▶ **ASSIGNED TASK**
Would you repeat every line of the data exactly?

╭──

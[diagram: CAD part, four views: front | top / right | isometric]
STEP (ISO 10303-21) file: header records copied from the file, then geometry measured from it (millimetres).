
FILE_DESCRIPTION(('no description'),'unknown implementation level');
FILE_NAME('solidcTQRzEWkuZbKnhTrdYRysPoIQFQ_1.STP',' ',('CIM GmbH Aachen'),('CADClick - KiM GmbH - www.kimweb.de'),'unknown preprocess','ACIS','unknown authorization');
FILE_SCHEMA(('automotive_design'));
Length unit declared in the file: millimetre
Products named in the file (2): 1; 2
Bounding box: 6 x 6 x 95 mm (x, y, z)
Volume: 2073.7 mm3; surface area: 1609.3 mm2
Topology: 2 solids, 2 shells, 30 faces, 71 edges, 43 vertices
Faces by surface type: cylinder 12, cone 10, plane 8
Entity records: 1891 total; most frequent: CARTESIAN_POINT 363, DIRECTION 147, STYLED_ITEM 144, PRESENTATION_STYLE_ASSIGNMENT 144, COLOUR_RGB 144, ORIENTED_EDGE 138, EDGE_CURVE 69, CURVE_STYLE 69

╰──

▶ **RESPONSE**
[diagram: CAD part, four views: front | top / right | isometric]
STEP (ISO 10303-21) file: header records copied from the file, then geometry measured from it (millimetres).
FILE_DESCRIPTION(('no description'),'unknown implementation level');
FILE_NAME('solidcTQRzEWkuZbKnhTrdYRysPoIQFQ_1.STP',' ',('CIM GmbH Aachen'),('CADClick - KiM GmbH - www.kimweb.de'),'unknown preprocess','ACIS','unknown authorization');
FILE_SCHEMA(('automotive_design'));
Length unit declared in the file: millimetre
Products named in the file (2): 1; 2
Bounding box: 6 x 6 x 95 mm (x, y, z)
Volume: 2073.7 mm3; surface area: 1609.3 mm2
Topology: 2 solids, 2 shells, 30 faces, 71 edges, 43 vertices
Faces by surface type: cylinder 12, cone 10, plane 8
Entity records: 1891 total; most frequent: CARTESIAN_POINT 363, DIRECTION 147, STYLED_ITEM 144, PRESENTATION_STYLE_ASSIGNMENT 144, COLOUR_RGB 144, ORIENTED_EDGE 138, EDGE_CURVE 69, CURVE_STYLE 69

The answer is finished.